# Are the wash instruction icons necessary?



## pietran2 (Jul 24, 2008)

Hey everybody.

I was just wondering if the little wash instruction icons are required. The icons are like a picture of a crossed out iron, a triangle?, and some other little pictures. Do you have to include these on tags?

Jason


----------



## Rodney (Nov 3, 2004)

I don't think you have to include the icons, but you do need to include wash/care instructions. So if you don't use the icons, then you just need to write it out.


----------



## Solmu (Aug 15, 2005)

In the US the icons are optional.


----------



## novanutcase (Aug 6, 2008)

Solmu said:


> In the US the icons are optional.


Correct although if you are going to be making woven labels or doing neck hits you might as well. No use in not adding them and then get an international order and have to go back and redo it again.

John


----------



## pietran2 (Jul 24, 2008)

novanutcase said:


> No use in not adding them and then get an international order and have to go back and redo it again.
> 
> John



Thats a great point. So you are saying if someone overseas orders one of my shirts the tag requirements change? Can you or someone elaborate on this. Thank you.

Jason


----------



## novanutcase (Aug 6, 2008)

pietran2 said:


> Thats a great point. So you are saying if someone overseas orders one of my shirts the tag requirements change? Can you or someone elaborate on this.
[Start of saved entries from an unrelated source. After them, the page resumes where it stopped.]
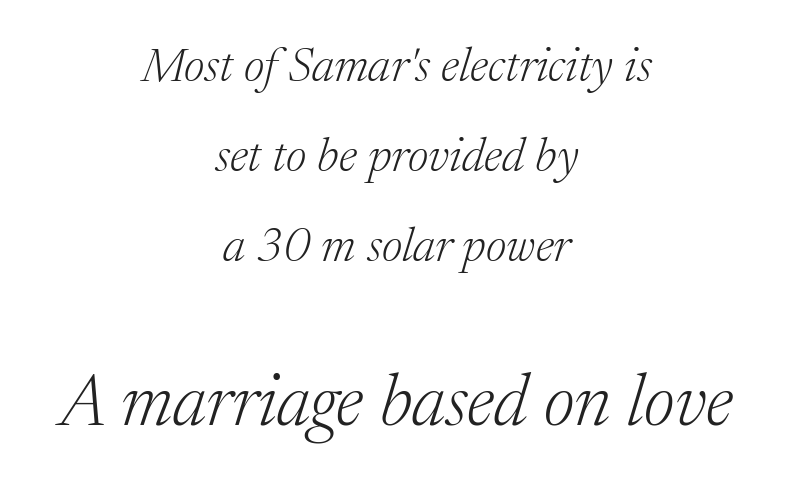
Q: Is the text bold? A: No.
Q: Is the text italic (slanted)? A: Yes, it leans right by about 17 degrees.
Q: Is the typeface a serif or a sans-serif typeface? A: Serif.
Q: Is the text underlined? A: No.
Q: How is the paragraph aligned? A: Centered.
Q: Is the spacing between letters normal or unusually wide? A: Normal.
Q: Which block of text is set in a larger size, the first (top) or the second (bottom)? A: The second (bottom) one.
Q: Width (condensed, normal, or wide)? A: Normal.
Q: Stroke contrast? A: Medium.
Q: x-height? A: Medium.
Q: Monospaced? A: No.
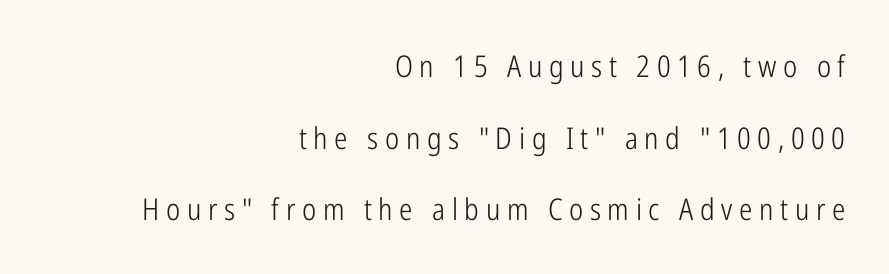
Q: Is the text bold? A: No.
Q: Is the text italic (slanted)? A: No, it is upright.
Q: Is the typeface a serif or a sans-serif typeface? A: Sans-serif.
Q: Is the text underlined? A: No.
Q: How is the paragraph aligned? A: Right-aligned.
Q: Is the spacing between letters normal or unusually wide? A: Unusually wide.
Q: Is the spacing between lines tight, normal or loose? A: Loose.
Q: Width (condensed, normal, or wide)? A: Condensed.
Q: Stroke contrast? A: Low.
Q: x-height? A: Medium.
Q: Monospaced? A: No.

Thank you.
> 
> Jason


International shipments require that you use the universal wash code symbols since not everyone reads english.

John


----------



## Solmu (Aug 15, 2005)

novanutcase said:


> No use in not adding them and then get an international order and have to go back and redo it again.


The problem is the US icons are different to the ISO icons used in, for example, Japan.


----------



## chrisf116 (Jul 26, 2007)

i always put em on, makes it look more professional i guess


----------